• Information given:
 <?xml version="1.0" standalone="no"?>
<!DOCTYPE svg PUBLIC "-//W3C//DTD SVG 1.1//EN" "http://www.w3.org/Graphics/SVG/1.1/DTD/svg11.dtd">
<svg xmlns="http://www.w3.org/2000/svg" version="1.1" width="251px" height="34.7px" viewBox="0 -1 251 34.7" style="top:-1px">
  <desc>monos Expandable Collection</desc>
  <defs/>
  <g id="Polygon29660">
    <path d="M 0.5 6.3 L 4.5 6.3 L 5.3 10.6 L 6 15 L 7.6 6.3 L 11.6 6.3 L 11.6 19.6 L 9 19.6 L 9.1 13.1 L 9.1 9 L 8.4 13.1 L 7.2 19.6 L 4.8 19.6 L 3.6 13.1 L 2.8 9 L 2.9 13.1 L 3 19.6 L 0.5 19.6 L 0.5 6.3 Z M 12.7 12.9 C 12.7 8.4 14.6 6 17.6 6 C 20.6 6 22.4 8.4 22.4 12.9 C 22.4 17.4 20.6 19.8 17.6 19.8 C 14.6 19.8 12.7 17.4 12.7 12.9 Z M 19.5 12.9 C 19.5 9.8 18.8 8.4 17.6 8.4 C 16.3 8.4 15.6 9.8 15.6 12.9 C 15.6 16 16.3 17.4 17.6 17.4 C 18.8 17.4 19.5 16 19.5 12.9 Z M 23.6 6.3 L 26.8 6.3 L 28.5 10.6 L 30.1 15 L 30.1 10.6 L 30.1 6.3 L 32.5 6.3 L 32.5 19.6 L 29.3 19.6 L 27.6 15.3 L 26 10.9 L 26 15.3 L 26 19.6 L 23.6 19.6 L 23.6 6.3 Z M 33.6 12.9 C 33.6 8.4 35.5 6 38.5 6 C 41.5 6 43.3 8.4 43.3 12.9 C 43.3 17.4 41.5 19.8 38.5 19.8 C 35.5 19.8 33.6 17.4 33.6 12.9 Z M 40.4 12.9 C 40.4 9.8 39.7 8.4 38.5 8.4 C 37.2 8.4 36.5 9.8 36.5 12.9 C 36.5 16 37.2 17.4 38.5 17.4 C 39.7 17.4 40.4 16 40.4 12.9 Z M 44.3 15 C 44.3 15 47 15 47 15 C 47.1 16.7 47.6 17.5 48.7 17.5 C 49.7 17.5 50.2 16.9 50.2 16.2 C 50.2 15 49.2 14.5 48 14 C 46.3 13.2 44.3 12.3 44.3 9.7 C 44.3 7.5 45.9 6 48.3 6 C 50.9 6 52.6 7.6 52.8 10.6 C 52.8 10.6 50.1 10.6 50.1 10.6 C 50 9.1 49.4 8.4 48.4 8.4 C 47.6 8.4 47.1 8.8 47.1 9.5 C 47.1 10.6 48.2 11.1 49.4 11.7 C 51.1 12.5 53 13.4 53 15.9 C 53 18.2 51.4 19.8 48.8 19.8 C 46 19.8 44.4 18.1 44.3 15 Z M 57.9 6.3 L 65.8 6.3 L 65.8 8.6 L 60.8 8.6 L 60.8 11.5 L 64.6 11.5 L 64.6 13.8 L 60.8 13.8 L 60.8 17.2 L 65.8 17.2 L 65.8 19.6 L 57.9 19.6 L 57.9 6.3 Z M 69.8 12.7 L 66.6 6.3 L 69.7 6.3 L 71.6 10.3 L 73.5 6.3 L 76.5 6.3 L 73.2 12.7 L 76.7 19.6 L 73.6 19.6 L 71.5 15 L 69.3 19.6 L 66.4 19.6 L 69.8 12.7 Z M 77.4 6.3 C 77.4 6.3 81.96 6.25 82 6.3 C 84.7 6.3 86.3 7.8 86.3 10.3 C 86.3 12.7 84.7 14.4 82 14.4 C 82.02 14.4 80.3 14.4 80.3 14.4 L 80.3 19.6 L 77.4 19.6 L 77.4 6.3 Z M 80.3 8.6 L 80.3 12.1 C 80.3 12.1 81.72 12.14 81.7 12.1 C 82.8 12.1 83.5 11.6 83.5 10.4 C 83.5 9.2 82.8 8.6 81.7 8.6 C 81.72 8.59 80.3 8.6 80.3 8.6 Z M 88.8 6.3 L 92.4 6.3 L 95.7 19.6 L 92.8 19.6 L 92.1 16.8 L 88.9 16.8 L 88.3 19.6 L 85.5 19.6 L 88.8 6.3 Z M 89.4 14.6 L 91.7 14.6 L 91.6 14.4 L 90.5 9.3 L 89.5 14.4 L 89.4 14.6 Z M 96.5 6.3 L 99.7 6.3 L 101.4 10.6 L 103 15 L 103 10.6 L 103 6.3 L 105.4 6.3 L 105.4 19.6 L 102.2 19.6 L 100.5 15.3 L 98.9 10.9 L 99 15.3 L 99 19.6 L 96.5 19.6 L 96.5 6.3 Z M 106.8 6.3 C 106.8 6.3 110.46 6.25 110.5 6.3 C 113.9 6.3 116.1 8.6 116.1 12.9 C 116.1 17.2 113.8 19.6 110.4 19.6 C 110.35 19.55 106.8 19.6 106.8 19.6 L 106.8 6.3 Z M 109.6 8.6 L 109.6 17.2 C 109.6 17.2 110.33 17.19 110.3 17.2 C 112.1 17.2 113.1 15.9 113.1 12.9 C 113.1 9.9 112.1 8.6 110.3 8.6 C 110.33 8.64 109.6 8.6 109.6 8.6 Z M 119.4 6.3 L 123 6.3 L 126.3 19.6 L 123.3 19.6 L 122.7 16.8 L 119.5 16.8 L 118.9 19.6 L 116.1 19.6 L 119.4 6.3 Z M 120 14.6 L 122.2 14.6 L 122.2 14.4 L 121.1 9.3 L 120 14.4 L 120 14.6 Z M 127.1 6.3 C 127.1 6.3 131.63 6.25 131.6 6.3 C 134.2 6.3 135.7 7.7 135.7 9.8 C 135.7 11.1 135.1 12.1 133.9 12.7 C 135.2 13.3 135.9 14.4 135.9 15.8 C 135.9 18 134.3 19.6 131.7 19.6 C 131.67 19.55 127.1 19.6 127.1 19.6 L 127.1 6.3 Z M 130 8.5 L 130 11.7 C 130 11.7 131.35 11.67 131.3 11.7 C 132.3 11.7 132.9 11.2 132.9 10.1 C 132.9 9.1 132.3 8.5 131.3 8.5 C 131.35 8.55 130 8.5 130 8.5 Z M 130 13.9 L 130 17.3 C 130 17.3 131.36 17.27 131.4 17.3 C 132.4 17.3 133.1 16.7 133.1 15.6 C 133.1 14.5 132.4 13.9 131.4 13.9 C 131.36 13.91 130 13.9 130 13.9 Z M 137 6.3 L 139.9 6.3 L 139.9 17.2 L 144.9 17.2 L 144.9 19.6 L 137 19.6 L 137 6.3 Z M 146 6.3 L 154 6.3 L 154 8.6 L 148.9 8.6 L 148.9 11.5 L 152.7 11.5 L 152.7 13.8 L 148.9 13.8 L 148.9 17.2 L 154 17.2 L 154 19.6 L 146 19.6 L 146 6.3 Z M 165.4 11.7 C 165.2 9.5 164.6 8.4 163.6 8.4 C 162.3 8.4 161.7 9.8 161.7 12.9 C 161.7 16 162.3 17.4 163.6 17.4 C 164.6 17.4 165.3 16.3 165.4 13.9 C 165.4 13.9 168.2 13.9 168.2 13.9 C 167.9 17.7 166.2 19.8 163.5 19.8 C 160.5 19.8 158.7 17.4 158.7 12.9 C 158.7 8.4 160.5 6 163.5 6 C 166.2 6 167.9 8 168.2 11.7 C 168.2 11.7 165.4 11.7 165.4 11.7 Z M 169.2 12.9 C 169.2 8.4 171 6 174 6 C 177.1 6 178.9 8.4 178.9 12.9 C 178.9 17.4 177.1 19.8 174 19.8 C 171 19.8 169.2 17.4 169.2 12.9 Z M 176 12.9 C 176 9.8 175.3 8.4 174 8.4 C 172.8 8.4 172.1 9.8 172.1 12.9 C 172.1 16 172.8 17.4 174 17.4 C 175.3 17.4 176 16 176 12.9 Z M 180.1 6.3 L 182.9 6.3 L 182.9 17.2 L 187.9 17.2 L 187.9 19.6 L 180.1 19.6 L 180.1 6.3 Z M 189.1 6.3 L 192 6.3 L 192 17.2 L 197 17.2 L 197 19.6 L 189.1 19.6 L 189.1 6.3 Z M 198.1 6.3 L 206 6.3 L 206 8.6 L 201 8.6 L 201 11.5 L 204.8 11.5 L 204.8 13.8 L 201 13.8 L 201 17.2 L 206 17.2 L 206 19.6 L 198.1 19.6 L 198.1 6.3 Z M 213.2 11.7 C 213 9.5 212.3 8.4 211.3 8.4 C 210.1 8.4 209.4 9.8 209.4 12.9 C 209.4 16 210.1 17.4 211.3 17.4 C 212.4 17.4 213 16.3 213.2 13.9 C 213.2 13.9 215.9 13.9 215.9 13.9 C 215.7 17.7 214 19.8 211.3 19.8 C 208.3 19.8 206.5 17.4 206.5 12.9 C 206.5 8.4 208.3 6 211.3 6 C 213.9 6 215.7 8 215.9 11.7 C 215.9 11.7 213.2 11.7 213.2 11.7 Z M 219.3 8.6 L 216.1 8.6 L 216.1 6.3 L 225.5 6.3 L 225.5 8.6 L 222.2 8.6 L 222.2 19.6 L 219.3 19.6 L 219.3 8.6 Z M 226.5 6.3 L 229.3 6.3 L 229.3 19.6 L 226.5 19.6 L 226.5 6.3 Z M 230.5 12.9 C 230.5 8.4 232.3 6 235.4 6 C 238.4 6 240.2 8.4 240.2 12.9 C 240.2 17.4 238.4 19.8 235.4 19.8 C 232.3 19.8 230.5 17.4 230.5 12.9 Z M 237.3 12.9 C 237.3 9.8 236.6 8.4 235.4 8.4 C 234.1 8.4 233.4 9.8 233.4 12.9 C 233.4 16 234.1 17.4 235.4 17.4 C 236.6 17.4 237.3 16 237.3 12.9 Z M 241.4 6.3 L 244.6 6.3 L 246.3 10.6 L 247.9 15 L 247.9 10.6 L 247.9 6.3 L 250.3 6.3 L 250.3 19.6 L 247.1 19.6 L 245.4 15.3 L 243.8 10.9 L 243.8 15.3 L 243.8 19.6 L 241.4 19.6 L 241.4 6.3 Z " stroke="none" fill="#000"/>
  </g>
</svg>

• What the exercise asks: Return each line of the data above that includes the word "version".

• Solution to this task:
 <?xml version="1.0" standalone="no"?>
<svg xmlns="http://www.w3.org/2000/svg" version="1.1" width="251px" height="34.7px" viewBox="0 -1 251 34.7" style="top:-1px">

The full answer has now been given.